First we will use polynomials ,  and focus on only one predictor age.


```{r,message=FALSE,warning=FALSE}

mod<-lm(wage~poly(age,4),data =Wage)
#Summary of the Model
summary(mod)


```

It looks like the *__Quadatric__* coefficient is not Sifgificant.So we can stop tell 3.

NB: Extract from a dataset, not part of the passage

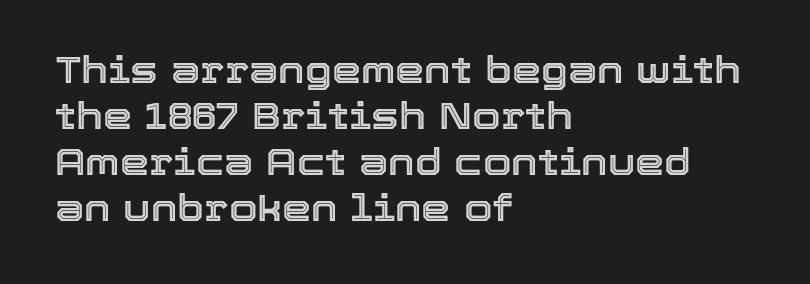
{"italic": "no", "width": "normal", "x_height": "medium", "monospaced": "no", "underline": "no", "align": "left", "line_spacing_ratio": 1.24, "letter_spacing": "normal", "letter_spacing_em": 0.0, "glyph_px": 37}
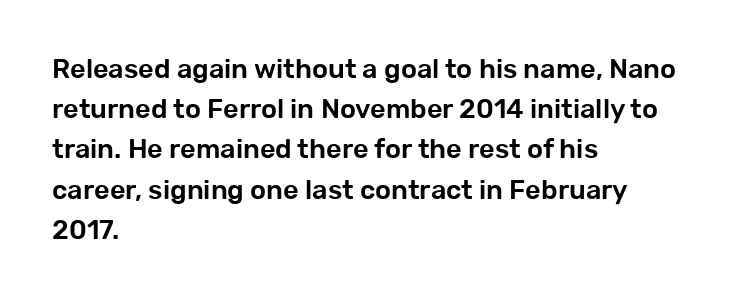
The image shows 27 px text type, upright; set left-aligned, normal line spacing (1.49x), normal letter spacing, not underlined.

### Plotting the Model and Making Predictions-
```{r fig.width=7, fig.height=6}
#Range of age variable
agelims<-range(age)
#Generating Test Data
age.grid<-seq(from=agelims[1], to = agelims[2])
#Making Predctions on Test data
pred<-predict(mod,newdata = list(age=age.grid),se=TRUE)
#Standard Error Bands- within 2 Standard Deviations
se.tab<-cbind(pred$fit+2*pred$se.fit,pred$fit -  2*pred$se.fit)
plot(age,wage,col="darkgrey")
#Plotting the age values vs Predicted Wage values for those Ages
lines(age.grid,pred$fit,col="blue",lwd=2)
#To plot the Error bands around the Regression Line
matlines(x=age.grid,y=se.tab,lty =2,col="blue")
 

```


#### Other Methods to fit polynomials 

This time we are going to wrap the polynimials inside the I() Identity function and
now we are representing the polynomials on a different basis.

```{r}
#This time we will use different basis of polynomials
fit2<-lm(wage ~ age + I(age^2) + I(age^3) + I(age^4),data = Wage)
summary(fit2)

plot(fitted(mod),fitted(fit2),xlab="First Polynomial Model",ylab="Polynomial Model wrapped inside Identity function", main="Fitted values of Both models are exactly same")


```

*__We can notice that the coefficients and the summary is different though we have used the same degree of polynomials and this is merely due to the different representations of the polynomils using Identity I() function.__*

*Things we are interested in is the Fitted polynomial and we can notice that the 
fitted values of both The model above and this Model has not changed.*


----

### Now we will use anova() to test different Models with different Predictors

```{r}
#Making Nested Models-i.e Each Next Model includes previous Model and is a special case for previous one
mod1<-lm(wage ~ education , data = Wage)
mod2<-lm(wage ~ education + age,data = Wage)
mod3<-lm(wage ~ education + age + poly(age,2),data = Wage)
mod4<-lm(wage ~ education + age + poly(age,3),data = Wage)
#using anova() function
anova(mod1,mod2,mod3,mod4)
BIC(mod1,mod2,mod3,mod4)


```

Seeing the Above values,Model 4 which is the most Complex one is the most Insignificant Model as the p-values indicate.Though the RSS value of Model 4 is least,and this is a expected as it fitting data too *__hard(Overfitting)__*.

Model2 and Model3 are the best ones and seem to balance the Bias-Variace Tradeoffs.

---


### Polynomial Logistic Regression

```{r}
#Logistic Regression Model the Binary Response variable;
logmod<-glm(I(wage > 250 ) ~ poly(age,3),data = Wage , family = "binomial")
summary(logmod)
#doing Predictions
pred2<-predict(logmod,newdata = list(age=age.grid),se=TRUE)
#Standard Error Bands
#a Matrix with 3 columns
#Confidence intervals
se.band<-pred2$fit + cbind(fit=0,lower=-2*pred2$se.fit , upper = 2*pred2$se.fit )
se.band[1:5,]


```
We have done computations on the Logit scale , to convert it to probabilities we will use LateX language which is used in tysetting Mathematical formulas-

This is the formula to compute the probabilities
$$p=\frac {e^\eta}{1 + e^\eta}.$$


```{r}
#comuting the 95% confidence interval for the Fitted Probabilities value
prob.bands = exp(se.band)/ (1 + exp(se.band))
matplot(age.grid,prob.bands,col="blue",lwd = c(2,2,2),lty=c(1,2,2),
        type="l",ylim=c(0,.1),xlab="Age",ylab="Probability Values")

#jitter() function to uniformly add random noise to properly see the densities
points(jitter(age),I(wage > 250)/10 , pch="I",cex=0.5)


```

The *__blue dotted lines__* represent the 95% Confidence Interval of the fitted Probabilities.

The black dots are the actual Probability values for Binary Response Wage, i.e
if wage > 250 is true then 1(TRUE) ,otherwise 0(FALSE).